Records from a data collection:
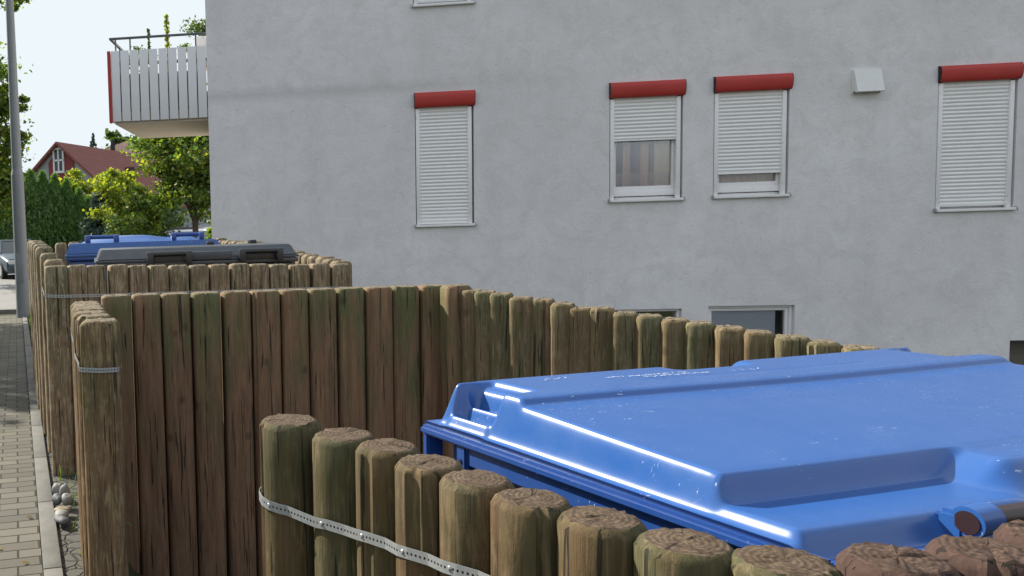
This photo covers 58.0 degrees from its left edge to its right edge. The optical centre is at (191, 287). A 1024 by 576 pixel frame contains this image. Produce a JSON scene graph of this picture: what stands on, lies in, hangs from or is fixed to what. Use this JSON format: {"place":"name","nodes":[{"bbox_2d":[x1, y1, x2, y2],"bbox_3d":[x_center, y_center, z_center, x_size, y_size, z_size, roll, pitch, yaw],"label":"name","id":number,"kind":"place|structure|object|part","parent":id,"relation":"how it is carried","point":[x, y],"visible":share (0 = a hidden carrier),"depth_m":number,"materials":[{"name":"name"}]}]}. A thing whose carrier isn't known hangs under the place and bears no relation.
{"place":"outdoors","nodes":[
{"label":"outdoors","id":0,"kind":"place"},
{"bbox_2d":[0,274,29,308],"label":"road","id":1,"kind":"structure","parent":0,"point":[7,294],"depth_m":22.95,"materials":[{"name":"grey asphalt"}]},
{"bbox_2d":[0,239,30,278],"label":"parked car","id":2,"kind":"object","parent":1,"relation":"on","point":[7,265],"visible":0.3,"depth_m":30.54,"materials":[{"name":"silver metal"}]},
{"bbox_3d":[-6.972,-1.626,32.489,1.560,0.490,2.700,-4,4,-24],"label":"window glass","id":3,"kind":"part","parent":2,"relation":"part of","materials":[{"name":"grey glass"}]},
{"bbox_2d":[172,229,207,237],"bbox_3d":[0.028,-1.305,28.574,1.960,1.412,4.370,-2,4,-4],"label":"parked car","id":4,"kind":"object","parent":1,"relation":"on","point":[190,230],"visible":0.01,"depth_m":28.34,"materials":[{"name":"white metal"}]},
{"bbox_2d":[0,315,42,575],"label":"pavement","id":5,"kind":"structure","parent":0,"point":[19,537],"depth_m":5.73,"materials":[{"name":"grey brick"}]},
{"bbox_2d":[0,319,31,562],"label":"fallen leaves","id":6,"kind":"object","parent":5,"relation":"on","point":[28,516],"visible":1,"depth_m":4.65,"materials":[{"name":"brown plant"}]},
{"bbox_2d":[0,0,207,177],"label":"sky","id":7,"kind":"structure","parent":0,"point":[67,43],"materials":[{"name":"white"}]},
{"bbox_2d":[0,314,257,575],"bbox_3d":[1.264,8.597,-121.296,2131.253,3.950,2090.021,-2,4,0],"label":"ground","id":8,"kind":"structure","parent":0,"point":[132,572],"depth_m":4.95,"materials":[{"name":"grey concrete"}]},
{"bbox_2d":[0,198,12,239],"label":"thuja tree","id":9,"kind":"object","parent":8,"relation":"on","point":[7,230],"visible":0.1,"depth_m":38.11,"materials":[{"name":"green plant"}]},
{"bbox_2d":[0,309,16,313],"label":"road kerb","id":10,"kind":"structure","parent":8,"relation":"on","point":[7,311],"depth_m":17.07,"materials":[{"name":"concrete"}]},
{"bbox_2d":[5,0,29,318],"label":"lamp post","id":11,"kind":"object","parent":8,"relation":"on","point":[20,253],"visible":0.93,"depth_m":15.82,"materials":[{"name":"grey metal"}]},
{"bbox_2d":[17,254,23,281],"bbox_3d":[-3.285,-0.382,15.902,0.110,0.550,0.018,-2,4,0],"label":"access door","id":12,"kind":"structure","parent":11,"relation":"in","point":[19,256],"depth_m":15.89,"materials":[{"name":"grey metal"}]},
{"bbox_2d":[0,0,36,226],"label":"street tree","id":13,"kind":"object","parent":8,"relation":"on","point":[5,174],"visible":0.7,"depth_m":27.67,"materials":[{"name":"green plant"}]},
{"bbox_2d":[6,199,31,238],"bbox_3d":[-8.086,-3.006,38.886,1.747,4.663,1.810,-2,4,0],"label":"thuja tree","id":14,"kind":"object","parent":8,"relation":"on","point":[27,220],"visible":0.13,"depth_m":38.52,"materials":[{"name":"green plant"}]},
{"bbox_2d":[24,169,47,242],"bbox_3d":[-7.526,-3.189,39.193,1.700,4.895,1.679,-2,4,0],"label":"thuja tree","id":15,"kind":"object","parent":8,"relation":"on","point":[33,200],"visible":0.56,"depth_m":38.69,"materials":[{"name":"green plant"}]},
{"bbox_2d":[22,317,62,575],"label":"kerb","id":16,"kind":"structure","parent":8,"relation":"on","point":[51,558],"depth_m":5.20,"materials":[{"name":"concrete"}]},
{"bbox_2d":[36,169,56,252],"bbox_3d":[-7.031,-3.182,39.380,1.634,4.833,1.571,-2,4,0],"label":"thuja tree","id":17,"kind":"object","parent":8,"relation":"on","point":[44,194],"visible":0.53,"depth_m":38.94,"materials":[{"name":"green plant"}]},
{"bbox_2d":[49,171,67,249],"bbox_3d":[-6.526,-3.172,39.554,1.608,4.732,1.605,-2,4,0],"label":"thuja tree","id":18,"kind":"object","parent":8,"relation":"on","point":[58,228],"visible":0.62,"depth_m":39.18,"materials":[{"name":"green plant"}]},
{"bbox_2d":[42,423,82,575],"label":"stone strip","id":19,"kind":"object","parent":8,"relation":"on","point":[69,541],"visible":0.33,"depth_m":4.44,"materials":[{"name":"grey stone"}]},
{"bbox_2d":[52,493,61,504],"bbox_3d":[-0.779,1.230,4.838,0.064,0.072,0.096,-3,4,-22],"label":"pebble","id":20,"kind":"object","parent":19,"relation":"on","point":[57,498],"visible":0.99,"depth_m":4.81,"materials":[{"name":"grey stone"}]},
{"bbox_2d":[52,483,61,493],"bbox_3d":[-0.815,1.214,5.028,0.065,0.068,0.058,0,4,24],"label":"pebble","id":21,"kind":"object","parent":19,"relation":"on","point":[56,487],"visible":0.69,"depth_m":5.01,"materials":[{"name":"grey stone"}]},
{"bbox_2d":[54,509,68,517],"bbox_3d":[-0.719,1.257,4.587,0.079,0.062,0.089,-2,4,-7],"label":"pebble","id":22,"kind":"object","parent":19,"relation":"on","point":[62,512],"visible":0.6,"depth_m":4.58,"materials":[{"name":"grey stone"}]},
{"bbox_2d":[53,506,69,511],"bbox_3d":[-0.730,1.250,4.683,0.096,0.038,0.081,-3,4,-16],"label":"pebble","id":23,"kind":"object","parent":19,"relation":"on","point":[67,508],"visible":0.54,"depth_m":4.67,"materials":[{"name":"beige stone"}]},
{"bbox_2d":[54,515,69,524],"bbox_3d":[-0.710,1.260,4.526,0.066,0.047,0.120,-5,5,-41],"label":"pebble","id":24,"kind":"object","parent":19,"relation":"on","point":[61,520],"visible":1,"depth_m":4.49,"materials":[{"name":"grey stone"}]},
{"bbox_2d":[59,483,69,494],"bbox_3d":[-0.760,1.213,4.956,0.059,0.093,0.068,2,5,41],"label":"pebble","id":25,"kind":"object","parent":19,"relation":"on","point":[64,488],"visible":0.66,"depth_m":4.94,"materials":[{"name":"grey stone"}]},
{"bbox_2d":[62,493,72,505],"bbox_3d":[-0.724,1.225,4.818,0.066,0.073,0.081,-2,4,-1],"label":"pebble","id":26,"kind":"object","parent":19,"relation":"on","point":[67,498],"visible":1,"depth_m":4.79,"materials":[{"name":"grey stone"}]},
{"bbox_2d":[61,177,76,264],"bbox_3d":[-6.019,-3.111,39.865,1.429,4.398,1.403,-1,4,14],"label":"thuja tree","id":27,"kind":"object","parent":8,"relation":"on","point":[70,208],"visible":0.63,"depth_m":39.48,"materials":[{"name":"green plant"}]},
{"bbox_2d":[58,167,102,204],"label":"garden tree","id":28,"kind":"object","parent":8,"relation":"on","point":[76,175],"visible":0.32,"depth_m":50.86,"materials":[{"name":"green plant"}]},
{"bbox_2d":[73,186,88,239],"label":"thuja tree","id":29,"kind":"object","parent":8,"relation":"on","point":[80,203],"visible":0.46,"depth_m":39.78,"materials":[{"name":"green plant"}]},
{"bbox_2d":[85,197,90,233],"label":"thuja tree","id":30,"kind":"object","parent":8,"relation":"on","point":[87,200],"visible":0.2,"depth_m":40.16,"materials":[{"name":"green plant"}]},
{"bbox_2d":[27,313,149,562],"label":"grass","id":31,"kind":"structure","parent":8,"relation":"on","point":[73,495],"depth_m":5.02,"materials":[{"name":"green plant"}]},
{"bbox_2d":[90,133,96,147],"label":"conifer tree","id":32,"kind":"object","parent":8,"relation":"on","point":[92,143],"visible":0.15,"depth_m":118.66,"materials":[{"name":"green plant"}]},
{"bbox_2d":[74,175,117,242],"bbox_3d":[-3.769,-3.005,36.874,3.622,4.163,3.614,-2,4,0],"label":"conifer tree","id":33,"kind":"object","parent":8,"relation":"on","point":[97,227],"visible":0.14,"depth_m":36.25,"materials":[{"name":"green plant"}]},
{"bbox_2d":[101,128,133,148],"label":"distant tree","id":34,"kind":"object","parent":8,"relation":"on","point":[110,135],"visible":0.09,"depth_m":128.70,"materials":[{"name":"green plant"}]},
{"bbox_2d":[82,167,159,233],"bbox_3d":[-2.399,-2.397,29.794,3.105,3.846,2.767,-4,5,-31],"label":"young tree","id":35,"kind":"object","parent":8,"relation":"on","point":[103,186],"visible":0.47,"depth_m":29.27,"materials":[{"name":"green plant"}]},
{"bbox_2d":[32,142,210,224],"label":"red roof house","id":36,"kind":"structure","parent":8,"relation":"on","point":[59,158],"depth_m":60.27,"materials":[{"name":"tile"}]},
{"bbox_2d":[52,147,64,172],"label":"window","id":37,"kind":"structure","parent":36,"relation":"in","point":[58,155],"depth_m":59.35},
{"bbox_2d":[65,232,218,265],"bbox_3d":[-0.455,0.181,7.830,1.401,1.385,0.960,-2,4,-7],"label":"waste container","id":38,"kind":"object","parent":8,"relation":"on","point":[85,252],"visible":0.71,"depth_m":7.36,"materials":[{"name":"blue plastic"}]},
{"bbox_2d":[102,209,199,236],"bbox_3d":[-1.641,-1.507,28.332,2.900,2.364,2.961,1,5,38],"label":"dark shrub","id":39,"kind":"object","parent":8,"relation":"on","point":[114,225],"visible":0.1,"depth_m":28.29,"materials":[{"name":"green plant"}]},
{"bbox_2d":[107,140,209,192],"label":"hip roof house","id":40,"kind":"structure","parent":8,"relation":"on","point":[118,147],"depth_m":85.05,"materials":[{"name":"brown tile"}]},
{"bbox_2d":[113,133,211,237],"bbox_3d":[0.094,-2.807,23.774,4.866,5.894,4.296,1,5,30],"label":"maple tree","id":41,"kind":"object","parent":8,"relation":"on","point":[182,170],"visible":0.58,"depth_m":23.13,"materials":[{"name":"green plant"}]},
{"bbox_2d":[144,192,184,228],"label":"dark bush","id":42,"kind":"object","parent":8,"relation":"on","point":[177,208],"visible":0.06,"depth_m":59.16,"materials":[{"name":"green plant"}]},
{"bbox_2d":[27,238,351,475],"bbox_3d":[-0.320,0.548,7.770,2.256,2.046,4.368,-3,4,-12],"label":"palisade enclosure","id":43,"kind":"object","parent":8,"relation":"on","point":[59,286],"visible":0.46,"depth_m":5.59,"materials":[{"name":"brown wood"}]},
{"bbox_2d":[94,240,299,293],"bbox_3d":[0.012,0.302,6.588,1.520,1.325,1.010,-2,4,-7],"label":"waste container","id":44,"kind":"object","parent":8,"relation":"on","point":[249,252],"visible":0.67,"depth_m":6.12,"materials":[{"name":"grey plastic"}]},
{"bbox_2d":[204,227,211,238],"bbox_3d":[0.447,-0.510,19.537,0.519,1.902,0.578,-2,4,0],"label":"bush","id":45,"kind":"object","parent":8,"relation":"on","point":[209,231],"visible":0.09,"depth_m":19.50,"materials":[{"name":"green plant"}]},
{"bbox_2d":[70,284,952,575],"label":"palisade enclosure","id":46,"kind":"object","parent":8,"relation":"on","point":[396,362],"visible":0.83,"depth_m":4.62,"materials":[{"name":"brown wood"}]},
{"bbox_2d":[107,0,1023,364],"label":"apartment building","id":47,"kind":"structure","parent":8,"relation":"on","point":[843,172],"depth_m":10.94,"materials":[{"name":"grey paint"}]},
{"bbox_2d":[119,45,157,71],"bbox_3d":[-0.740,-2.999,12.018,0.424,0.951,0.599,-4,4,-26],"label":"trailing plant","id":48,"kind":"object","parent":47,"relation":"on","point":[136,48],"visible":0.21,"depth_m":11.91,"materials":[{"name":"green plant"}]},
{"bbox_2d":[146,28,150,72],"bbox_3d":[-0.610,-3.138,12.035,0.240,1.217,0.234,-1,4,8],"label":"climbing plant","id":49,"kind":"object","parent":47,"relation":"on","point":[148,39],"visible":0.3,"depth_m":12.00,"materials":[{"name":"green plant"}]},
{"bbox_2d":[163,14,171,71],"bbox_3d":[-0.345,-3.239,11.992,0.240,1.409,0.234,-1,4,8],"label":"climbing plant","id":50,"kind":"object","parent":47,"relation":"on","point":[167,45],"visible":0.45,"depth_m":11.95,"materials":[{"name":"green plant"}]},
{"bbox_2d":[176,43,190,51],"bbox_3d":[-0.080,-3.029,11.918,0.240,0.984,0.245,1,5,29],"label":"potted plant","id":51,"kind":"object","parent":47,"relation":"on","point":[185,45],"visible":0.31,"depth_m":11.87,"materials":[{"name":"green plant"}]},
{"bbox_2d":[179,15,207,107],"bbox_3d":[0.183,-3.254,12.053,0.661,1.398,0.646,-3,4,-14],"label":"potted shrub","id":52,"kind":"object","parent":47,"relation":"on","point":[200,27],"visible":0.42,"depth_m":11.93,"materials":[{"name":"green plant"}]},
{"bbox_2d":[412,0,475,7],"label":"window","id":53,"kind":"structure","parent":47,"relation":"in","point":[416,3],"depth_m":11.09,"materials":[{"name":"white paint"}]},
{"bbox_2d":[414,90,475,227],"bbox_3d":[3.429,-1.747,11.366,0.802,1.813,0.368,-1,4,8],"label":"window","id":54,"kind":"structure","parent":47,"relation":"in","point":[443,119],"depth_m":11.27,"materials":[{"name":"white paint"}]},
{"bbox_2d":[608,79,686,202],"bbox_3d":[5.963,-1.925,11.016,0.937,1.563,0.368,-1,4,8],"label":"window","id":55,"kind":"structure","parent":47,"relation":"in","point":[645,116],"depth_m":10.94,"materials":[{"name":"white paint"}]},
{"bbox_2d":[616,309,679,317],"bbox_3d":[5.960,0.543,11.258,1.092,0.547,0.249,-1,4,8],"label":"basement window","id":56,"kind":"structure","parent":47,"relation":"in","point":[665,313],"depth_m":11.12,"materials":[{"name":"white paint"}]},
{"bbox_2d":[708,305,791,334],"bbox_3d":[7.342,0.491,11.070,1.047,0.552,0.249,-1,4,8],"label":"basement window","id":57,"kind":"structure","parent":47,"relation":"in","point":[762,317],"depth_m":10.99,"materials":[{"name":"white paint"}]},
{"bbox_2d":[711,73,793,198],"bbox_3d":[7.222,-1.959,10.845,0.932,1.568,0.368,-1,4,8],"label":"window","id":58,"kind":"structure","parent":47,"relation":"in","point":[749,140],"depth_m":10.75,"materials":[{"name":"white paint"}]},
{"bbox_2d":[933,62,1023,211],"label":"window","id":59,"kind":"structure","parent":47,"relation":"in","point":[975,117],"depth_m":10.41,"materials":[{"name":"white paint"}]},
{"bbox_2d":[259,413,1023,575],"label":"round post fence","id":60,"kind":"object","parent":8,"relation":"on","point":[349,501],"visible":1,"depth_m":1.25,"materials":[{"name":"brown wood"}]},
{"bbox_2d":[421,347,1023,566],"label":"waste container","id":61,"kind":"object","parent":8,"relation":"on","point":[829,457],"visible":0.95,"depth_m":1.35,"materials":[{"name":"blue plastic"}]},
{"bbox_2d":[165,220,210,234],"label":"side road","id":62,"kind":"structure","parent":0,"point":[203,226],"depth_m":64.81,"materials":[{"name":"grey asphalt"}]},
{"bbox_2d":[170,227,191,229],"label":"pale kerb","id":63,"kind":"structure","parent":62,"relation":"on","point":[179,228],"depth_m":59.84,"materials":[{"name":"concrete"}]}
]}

AIM OF THE TASK:
Show all lines above holding the word "brown".

THE COMPLETED TASK:
{"bbox_2d":[0,319,31,562],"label":"fallen leaves","id":6,"kind":"object","parent":5,"relation":"on","point":[28,516],"visible":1,"depth_m":4.65,"materials":[{"name":"brown plant"}]},
{"bbox_2d":[107,140,209,192],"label":"hip roof house","id":40,"kind":"structure","parent":8,"relation":"on","point":[118,147],"depth_m":85.05,"materials":[{"name":"brown tile"}]},
{"bbox_2d":[27,238,351,475],"bbox_3d":[-0.320,0.548,7.770,2.256,2.046,4.368,-3,4,-12],"label":"palisade enclosure","id":43,"kind":"object","parent":8,"relation":"on","point":[59,286],"visible":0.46,"depth_m":5.59,"materials":[{"name":"brown wood"}]},
{"bbox_2d":[70,284,952,575],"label":"palisade enclosure","id":46,"kind":"object","parent":8,"relation":"on","point":[396,362],"visible":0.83,"depth_m":4.62,"materials":[{"name":"brown wood"}]},
{"bbox_2d":[259,413,1023,575],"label":"round post fence","id":60,"kind":"object","parent":8,"relation":"on","point":[349,501],"visible":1,"depth_m":1.25,"materials":[{"name":"brown wood"}]},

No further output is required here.